Source records

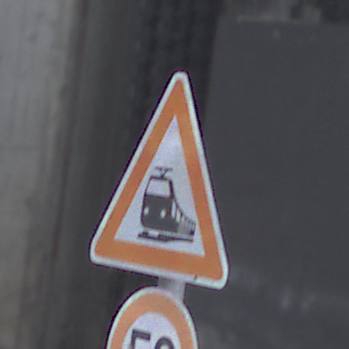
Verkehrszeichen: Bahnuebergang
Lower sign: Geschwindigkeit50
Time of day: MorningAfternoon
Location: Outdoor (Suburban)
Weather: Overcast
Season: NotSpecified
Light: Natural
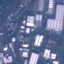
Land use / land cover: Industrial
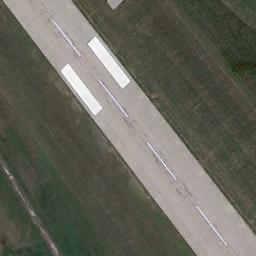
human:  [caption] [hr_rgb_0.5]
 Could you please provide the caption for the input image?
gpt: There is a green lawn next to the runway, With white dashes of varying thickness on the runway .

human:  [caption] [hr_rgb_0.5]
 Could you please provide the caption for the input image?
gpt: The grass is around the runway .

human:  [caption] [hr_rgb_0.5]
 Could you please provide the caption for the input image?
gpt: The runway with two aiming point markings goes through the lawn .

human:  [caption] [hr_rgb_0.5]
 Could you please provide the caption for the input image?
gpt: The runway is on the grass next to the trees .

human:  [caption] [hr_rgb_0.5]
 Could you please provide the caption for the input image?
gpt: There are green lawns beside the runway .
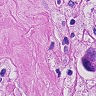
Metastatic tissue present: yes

Exercise brief:
The records above must be printed exactly; the pictures stay out.

Expected output:
Verkehrszeichen: Bahnuebergang
Lower sign: Geschwindigkeit50
Time of day: MorningAfternoon
Location: Outdoor (Suburban)
Weather: Overcast
Season: NotSpecified
Light: Natural
Land use / land cover: Industrial
human:  [caption] [hr_rgb_0.5]
 Could you please provide the caption for the input image?
gpt: There is a green lawn next to the runway, With white dashes of varying thickness on the runway .

human:  [caption] [hr_rgb_0.5]
 Could you please provide the caption for the input image?
gpt: The grass is around the runway .

human:  [caption] [hr_rgb_0.5]
 Could you please provide the caption for the input image?
gpt: The runway with two aiming point markings goes through the lawn .

human:  [caption] [hr_rgb_0.5]
 Could you please provide the caption for the input image?
gpt: The runway is on the grass next to the trees .

human:  [caption] [hr_rgb_0.5]
 Could you please provide the caption for the input image?
gpt: There are green lawns beside the runway .
Metastatic tissue present: yes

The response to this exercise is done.